I toscani l’hanno addirittura adottata nel gergo come esclamazione di meraviglia: “corbezzoli!”, dicono. E in effetti, topi, io non riesco proprio a dare loro torto. E’ una pianta assolutamente meravigliosa!

Un bacio tricolore a tutti voi.

Da Verezzo ai prati di San Giovanni

Lo so che la mia Valle sarà gelosa del post che sto scrivendo, ma oggi vi porto a conoscere un posto che non si trova nella Valle Argentina, bensì nelle zone immediatamente limitrofe.

Se c’è una cosa che di solito ci invidiano tutti della Liguria, è la sua caratteristica di essere a metà tra i monti e il mare, e spesso percorrendo sentieri dell’entroterra si può osservare la distesa d’acqua che lambisce la costa, mentre si danno le spalle alle Alpi.

Ebbene, un giorno d’autunno prendiamo la topo-mobile e allontaniamoci dai miei luoghi, ma non tanto, eh!

Arriviamo fino a Verezzo, frazione di Sanremo, e lasciamo la macchina proprio davanti alla chiesetta di Sant’Antonio.

Mi perdonerete se non farò tante foto, questa volta, ma ho le zampe ghiacciate. Tira un’aria così fredda che si fatica a tirarle fuori dalle tasche, figurarsi a scattare fotografie!

Comunque, dicevo, dalla chiesa imbocchiamo la mulattiera visibile sulla strada e, inerpicandoci, arriviamo su una strada asfaltata che sale ancora tra bellissime villette. Presto l’asfalto si trasforma in cemento, e il cemento in pietra. Si raggiunge così un’altra mulattiera, contornata dalla vegetazione di tipo mediterraneo, dalle campagne curate da mani sapienti e da case di agricoltori.

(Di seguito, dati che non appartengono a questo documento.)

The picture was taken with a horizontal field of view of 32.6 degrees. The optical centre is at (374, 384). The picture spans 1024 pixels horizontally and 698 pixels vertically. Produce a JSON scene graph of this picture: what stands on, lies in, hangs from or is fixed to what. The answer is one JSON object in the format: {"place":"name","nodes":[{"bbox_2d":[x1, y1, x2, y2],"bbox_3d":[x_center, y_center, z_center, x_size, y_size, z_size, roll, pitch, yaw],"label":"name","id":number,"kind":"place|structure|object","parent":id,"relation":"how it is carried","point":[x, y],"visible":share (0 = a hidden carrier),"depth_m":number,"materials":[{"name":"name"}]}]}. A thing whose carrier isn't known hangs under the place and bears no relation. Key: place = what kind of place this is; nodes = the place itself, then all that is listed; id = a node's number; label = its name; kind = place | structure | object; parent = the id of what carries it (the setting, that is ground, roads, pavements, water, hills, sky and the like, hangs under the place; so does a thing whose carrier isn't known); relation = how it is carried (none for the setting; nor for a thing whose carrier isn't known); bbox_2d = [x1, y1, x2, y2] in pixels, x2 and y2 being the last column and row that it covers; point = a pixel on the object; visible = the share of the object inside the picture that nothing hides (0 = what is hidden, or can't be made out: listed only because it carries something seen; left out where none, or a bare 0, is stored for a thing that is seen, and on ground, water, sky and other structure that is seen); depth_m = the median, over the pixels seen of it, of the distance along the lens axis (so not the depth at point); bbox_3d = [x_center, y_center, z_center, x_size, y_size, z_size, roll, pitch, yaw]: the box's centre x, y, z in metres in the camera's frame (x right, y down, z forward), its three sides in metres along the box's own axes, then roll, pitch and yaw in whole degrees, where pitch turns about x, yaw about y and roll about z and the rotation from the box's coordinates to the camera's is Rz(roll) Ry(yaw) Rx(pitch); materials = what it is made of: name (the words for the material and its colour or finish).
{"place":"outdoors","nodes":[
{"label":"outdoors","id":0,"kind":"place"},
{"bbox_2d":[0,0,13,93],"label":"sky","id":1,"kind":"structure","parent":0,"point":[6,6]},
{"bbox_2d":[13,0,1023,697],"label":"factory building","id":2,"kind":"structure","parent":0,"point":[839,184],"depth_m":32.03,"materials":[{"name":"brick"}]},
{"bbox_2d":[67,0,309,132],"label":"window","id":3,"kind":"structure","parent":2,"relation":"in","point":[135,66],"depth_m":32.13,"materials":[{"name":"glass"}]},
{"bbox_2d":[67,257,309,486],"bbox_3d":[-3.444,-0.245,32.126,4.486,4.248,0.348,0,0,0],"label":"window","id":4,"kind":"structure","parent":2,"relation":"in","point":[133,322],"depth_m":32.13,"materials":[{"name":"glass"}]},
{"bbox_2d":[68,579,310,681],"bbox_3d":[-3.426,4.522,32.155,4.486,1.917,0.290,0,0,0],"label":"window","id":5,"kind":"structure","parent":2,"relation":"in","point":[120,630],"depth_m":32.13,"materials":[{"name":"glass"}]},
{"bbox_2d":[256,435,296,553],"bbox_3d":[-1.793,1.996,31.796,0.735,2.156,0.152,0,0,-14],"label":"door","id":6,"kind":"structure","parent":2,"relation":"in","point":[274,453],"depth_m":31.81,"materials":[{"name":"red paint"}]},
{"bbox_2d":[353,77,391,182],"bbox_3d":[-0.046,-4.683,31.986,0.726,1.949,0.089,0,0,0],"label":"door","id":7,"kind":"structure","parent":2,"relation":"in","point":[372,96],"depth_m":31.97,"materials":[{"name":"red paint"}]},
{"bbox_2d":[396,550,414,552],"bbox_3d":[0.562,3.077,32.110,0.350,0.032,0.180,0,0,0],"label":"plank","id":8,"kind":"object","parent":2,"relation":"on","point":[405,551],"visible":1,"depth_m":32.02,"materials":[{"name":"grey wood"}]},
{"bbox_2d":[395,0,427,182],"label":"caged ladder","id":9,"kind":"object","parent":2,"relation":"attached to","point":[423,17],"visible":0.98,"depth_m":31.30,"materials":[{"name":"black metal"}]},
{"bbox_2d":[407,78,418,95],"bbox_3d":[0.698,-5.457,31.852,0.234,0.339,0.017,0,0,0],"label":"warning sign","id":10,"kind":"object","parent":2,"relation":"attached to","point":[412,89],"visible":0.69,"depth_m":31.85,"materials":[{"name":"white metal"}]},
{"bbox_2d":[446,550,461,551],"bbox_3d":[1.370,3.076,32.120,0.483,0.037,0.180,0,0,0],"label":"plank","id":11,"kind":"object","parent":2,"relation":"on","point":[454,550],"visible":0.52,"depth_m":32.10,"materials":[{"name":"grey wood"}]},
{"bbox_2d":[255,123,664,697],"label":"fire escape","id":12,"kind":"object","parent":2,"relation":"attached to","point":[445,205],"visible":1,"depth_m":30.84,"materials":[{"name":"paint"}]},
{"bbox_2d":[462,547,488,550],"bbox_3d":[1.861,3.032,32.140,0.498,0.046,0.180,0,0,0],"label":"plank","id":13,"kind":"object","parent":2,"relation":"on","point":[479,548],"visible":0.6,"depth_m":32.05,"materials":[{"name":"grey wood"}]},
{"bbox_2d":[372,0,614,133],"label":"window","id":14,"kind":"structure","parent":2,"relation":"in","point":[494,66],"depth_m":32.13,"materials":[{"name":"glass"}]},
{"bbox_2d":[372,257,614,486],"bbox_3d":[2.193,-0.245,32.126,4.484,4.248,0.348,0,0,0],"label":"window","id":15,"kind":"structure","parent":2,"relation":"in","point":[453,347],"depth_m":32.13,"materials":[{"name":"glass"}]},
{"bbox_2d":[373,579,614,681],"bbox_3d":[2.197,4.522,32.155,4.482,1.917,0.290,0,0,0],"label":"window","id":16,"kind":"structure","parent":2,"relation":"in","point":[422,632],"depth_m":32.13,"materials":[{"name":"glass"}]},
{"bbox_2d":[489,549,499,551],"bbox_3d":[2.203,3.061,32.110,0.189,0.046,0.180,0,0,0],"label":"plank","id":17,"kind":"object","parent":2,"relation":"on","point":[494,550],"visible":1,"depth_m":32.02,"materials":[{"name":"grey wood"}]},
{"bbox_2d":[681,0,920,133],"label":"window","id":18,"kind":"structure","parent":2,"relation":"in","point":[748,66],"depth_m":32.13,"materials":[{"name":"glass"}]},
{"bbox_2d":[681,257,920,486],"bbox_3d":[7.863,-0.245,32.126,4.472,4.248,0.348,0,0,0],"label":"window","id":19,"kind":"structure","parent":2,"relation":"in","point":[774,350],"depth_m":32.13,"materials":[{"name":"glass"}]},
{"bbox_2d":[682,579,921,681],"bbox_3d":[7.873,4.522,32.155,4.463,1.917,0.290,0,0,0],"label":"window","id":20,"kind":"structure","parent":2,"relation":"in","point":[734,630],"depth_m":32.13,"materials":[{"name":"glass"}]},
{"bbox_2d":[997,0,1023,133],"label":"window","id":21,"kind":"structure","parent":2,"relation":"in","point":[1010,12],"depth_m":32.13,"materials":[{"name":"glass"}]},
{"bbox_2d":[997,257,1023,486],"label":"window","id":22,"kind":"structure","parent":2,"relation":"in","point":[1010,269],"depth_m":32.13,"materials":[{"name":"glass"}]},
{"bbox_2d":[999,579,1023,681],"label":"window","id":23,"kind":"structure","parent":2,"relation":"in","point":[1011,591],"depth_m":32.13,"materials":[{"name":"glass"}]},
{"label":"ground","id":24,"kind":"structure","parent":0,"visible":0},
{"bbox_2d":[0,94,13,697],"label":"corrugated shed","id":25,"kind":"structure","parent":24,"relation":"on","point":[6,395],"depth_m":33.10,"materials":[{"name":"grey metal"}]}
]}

Il percorso prosegue tutto al sole, non ci sono alberi ad adombrare il sentiero. Lungo il cammino ci imbattiamo nella Ginestra, nel Cisto, nel Timo, in cespugli rigogliosi di Ginepro. E poi, di tanto in tanto, ecco spuntare Querce, Mandorli, Pini e Ulivi.

Si sale sempre, senza fermarsi mai, e la presenza delle mucche è evidente, bisogna fare attenzione a dove si mettono le zampe, se non si vuole finire dritti dritti nella… busa!

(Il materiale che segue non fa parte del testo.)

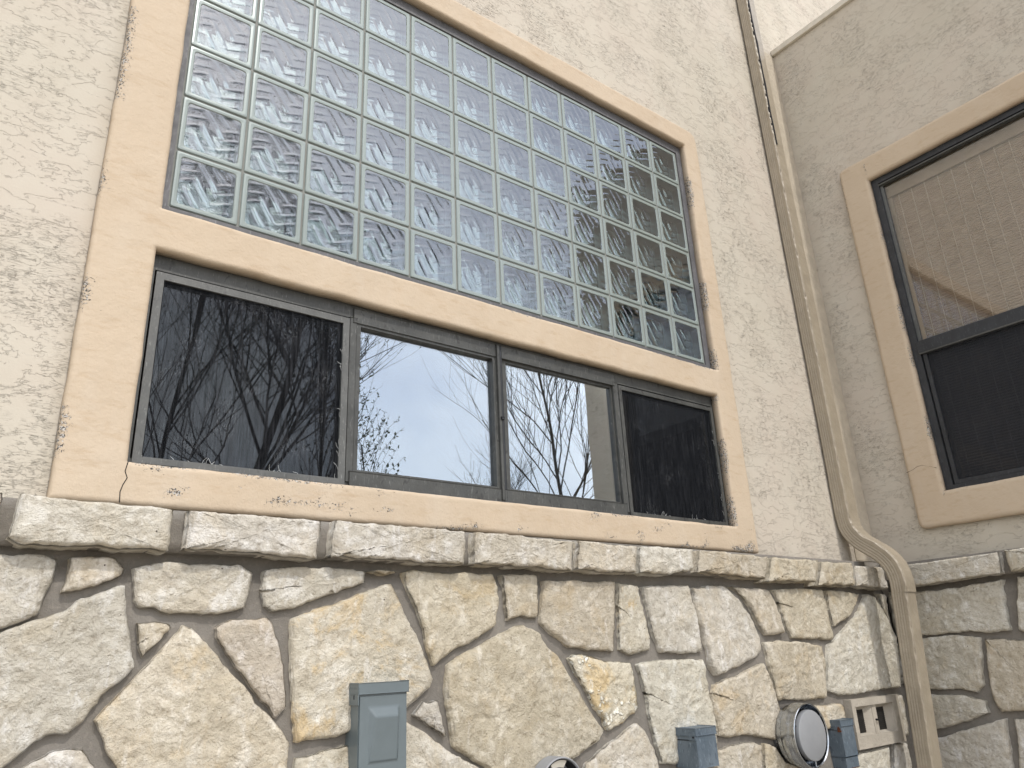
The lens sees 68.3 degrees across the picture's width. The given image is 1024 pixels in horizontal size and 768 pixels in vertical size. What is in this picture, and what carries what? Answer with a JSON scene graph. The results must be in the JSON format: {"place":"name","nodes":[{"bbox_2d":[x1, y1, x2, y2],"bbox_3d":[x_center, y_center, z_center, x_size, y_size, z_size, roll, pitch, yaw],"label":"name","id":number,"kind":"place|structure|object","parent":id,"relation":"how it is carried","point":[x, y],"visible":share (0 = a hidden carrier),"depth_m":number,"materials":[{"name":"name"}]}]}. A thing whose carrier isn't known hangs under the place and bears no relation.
{"place":"outdoors","nodes":[
{"label":"outdoors","id":0,"kind":"place"},
{"bbox_2d":[0,0,916,767],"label":"house","id":1,"kind":"structure","parent":0,"point":[446,358],"depth_m":2.56,"materials":[{"name":"paint"}]},
{"bbox_2d":[345,680,408,767],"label":"electrical enclosure","id":2,"kind":"object","parent":1,"relation":"attached to","point":[375,736],"visible":0.91,"depth_m":2.02,"materials":[{"name":"grey metal"}]},
{"bbox_2d":[127,254,728,525],"bbox_3d":[-0.043,0.143,2.780,2.492,0.638,0.088,12,-25,-35],"label":"sliding window","id":3,"kind":"structure","parent":1,"relation":"in","point":[241,374],"depth_m":2.34,"materials":[{"name":"brown metal"}]},
{"bbox_2d":[162,0,710,368],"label":"glass block window","id":4,"kind":"structure","parent":1,"relation":"in","point":[383,136],"depth_m":2.95,"materials":[{"name":"clear glass"}]},
{"bbox_2d":[535,756,578,767],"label":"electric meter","id":5,"kind":"object","parent":1,"relation":"attached to","point":[555,762],"visible":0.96,"depth_m":2.34,"materials":[{"name":"grey plastic"}]},
{"bbox_2d":[675,725,719,767],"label":"junction box","id":6,"kind":"object","parent":1,"relation":"attached to","point":[697,746],"visible":0.94,"depth_m":2.68,"materials":[{"name":"grey metal"}]},
{"bbox_2d":[773,703,828,767],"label":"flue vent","id":7,"kind":"object","parent":1,"relation":"attached to","point":[801,740],"visible":0.99,"depth_m":3.02,"materials":[{"name":"metal"}]},
{"bbox_2d":[737,0,942,767],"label":"downspout","id":8,"kind":"object","parent":1,"relation":"attached to","point":[892,562],"visible":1,"depth_m":4.04,"materials":[{"name":"beige paint"}]},
{"bbox_2d":[827,718,859,767],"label":"junction box","id":9,"kind":"object","parent":1,"relation":"attached to","point":[843,746],"visible":0.91,"depth_m":3.25,"materials":[{"name":"grey metal"}]},
{"bbox_2d":[843,694,906,749],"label":"vent block","id":10,"kind":"structure","parent":1,"relation":"on","point":[877,720],"depth_m":3.49,"materials":[{"name":"plastic"}]},
{"bbox_2d":[771,0,1023,767],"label":"side wing","id":11,"kind":"structure","parent":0,"point":[905,121],"depth_m":4.06,"materials":[{"name":"beige paint"}]},
{"bbox_2d":[871,102,1023,489],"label":"single hung window","id":12,"kind":"structure","parent":11,"relation":"in","point":[951,216],"depth_m":3.96,"materials":[{"name":"glass"}]}
]}

Più si va in alto, più la vista diventa mozzafiato. Se volgiamo lo sguardo verso l’interno, possiamo vedere le antenne di Monte Bignone, ma guardando verso sud veniamo invasi dal colore del mare, che oggi è blu intenso, specchio perfetto del cielo terso. E poi si scorgono Sanremo, la Valle Armea, Bussana, Castellaro, da una postazione più elevata possiamo vedere anche Arma di Taggia.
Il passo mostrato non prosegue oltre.